Only at the point where you chose to display them on your console or through some other "display" format. The native format that crosses the wire in BSON format won't have this issue.

If you choose not to display the contents to your terminal or debugger, it will never have been encoded to base64 or any other format.

Point of Correction

which led me to find this about BSON data types.

Which clearly tells us the payload will be base64!

The linked page is referring to MongoDB Extended JSON, not the wire BSON format.

It is true that Extended JSON encodes the binary to base64, that is not true about bson itself.

As below, the only time your driver will pass the data through the extended JSON conversion is at the moment you ask it to display the contents to you via a print or debug

Details

BSON's Spec (the internal mongodb serialization format) binaries are native byte format.

The relevant portion of the spec:

binary  ::=     int32 subtype (byte*)

indicates that a binary object is

  1. length of the byte*,
  2. followed by a 1-byte subtype
  3. followed by the raw bytes

in the case of the bytes "Hello\x00World" which includes a null byte right in the middle

the "wire format" would be

[11] [0x00] [Hello\x00World]

notice, stack overflow, like virtually every driver or display terminal struggles with the embedded null byte, as would just about every display terminal unless the system made evident that the null byte is actually included in the bytes to be displayed.

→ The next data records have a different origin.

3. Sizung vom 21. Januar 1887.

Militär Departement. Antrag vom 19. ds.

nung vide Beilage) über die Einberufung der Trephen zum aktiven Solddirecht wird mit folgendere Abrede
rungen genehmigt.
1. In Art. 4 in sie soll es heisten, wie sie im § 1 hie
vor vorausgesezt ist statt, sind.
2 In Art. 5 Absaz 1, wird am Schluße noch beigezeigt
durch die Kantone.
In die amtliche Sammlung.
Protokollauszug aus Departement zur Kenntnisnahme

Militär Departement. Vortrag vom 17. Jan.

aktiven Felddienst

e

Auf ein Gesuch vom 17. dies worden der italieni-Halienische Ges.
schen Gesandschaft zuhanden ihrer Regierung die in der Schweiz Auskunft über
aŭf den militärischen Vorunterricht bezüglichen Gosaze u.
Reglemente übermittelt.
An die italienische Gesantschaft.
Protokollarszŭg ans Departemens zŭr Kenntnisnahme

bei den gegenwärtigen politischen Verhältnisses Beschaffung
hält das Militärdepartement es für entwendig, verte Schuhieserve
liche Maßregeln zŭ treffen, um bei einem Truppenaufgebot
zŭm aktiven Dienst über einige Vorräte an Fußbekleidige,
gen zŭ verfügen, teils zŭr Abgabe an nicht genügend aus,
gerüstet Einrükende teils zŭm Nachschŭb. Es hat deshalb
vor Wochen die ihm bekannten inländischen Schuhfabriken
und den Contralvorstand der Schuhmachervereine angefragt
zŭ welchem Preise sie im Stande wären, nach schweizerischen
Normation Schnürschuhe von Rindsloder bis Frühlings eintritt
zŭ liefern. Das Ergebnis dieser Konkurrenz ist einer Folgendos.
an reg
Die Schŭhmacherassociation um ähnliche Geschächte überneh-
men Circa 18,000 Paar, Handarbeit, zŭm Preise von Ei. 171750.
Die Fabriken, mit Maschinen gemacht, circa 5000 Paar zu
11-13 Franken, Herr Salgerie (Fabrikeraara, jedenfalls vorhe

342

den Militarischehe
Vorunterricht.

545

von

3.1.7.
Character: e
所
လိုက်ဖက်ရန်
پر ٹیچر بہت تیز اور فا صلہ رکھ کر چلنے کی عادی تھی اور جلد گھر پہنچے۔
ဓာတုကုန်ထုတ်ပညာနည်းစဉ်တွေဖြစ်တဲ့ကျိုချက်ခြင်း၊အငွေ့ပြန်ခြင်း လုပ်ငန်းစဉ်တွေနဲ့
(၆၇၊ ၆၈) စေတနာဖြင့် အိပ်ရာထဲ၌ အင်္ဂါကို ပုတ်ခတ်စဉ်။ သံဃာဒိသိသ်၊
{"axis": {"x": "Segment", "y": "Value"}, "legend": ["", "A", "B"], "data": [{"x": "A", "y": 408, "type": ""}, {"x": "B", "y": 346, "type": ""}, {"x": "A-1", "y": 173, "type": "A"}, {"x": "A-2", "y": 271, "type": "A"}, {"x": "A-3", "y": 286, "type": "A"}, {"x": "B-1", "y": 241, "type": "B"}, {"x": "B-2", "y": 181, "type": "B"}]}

meaning the integer (packed into a 32bit byte) followed by 1byte subtype, followed by the literal bytes is what will actually cross the wire.

As you pointed out, most languages would have immense trouble rendering this onscreen to a user.

Extended JSON is the specification that involves the most appropriate way to render non-displayable data into drivers.

Object IDs aren't just bytes, they're objects that can represent timestamps.

Timestamps aren't just numbers, they can represent timezones and be converted to display against the user timezone.

Binaries aren't always text, may have problematic bytes in there, and the easiest way to not bork up your terminal/gui/debugger is to simply encode them away in some ASCII format like base64.

Keep in Mind

bson.Binary and GridFS are not really supposed to be displayed/printed/written in their wire format. The wire format exists for the transfer layer.

To ease with debugging and print statements, most drivers implement a easily "displayable" format that yanks the native BSON format through the Extended JSON spec.

If you simply choose not to display/encode as extend JSON/debug/print, the binary bytes will never actually be base64 encoded by the driver.